General characteristics
- Class & type: Jang Bogo-class submarine
- Displacement: 1,180 t surfaced; 1,285 t submerged;
- Length: 55.9 m (183 ft 5 in)
- Beam: 6.4 m (21 ft 0 in)
- Draft: 5.9 m (19 ft 4 in)
- Propulsion: 4 MTU Type 12V493 AZ80 GA31L diesel engines; 1 Siemens electric motor; 1 shaft; 4,600 hp (3,400 kW);
- Speed: 11 knots (20 km/h) surfaced; 21 knots (39 km/h) submerged^{[citation needed]};
- Range: 11,300 nmi (20,900 km) surfaced at 4 knots (7.4 km/h)
- Endurance: 50 days
- Complement: 5 officers, 26 enlisted
- Armament: 8 × 21 in (533 mm) torpedo tubes; 14 SST-4 torpedoes;

= ROKS Park Wi =

Submarine of the Republic of Korea Navy

ROKS Park Wi (SS-065) is the fourth ship of the Jang Bogo-class submarine of the Republic of Korea Navy, and was the third submarine to serve with the navy. She is one of Jang Bogo-class submarines to be built in South Korea.

==Development==
At the end of the 1980s the South Korean navy started to improve its overall capability and began to operate more advanced vessels. South Korea purchased its first submarines, German U-209 class in its Type 1200 subvariant, ordered as the Jang Bogo class. These boats are generally similar to Turkey's six Atilay-class submarines, with German sensors and weapons.

The first order placed late in 1987 covered three boats, one to be completed in Germany and the other two in South Korea from German-supplied kits.
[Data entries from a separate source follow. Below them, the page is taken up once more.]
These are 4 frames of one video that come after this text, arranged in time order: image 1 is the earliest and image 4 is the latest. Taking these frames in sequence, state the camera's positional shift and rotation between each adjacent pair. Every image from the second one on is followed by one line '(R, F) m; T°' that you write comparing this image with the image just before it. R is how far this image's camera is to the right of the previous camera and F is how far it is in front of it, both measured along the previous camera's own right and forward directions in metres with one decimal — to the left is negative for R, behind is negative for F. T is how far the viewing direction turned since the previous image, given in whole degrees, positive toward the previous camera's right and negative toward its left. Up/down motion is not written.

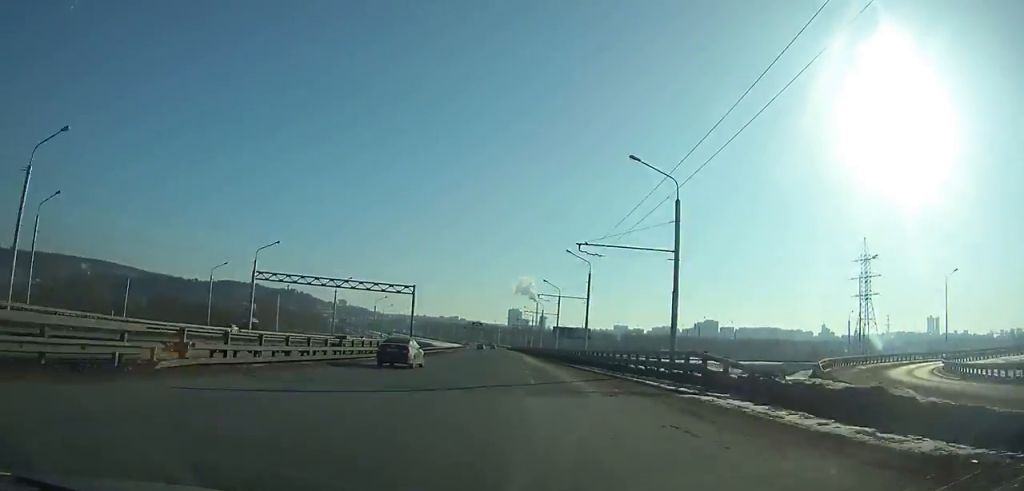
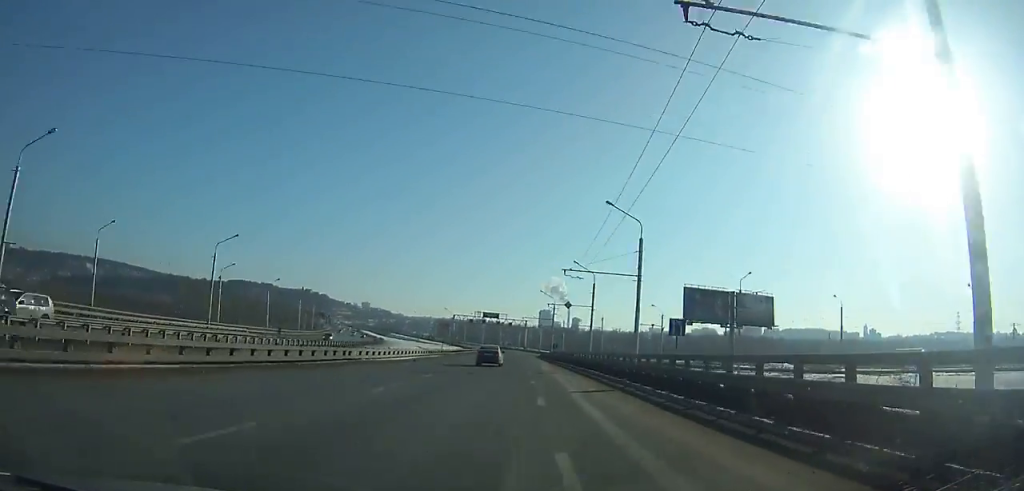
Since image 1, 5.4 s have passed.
(-2.4, +109.8) m; -2°
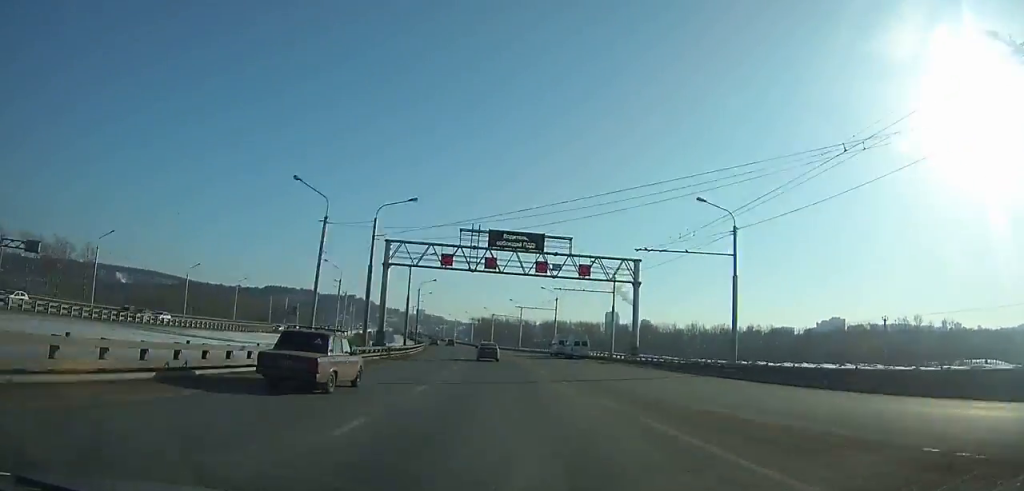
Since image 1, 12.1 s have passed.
(-5.7, +129.3) m; -8°
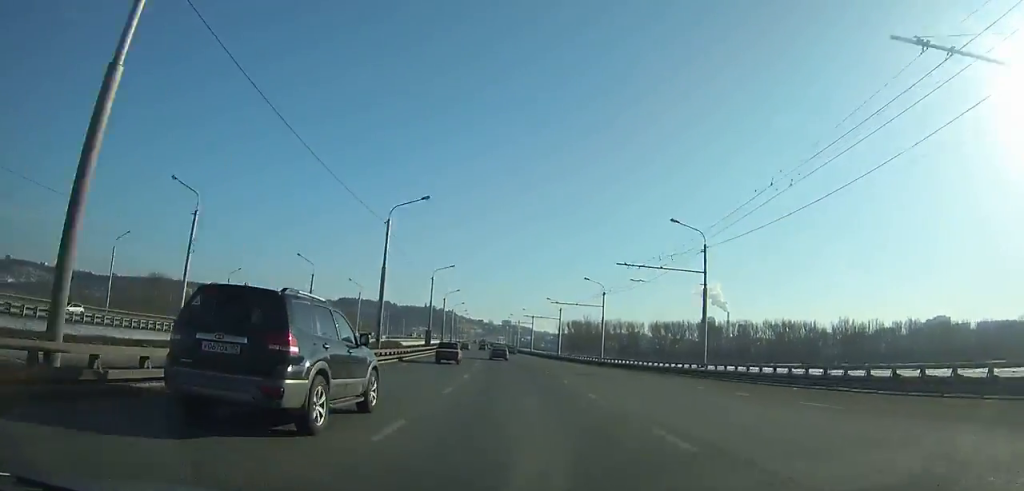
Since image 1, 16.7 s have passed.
(-6.5, +82.4) m; -8°

There followed by two additional three-boat orders placed in October 1989 and January 1994 for boats of South Korean construction. The boats were commissioned from 1993 to 2001.

The older boats were upgraded, it is believed that the modernization included a hull stretch to the Type 1400 length, provision for tube-launched Harpoon missiles and the addition of a towed-array sonar.

== Construction and career ==
ROKS Park Wi was built and launched on 31 May 1994 by Daewoo Shipbuilding. She was acquired by the navy on 30 August 1995 and be commissioned 31 August 1995.

=== RIMPAC 2018 ===
ROKS Park Wi, ROKS Dae Jo-yeong and ROKS Yulgok Yi I participated in RIMPAC 2018. RIMPAC 2018 took place from June 27 to 2 August 2018.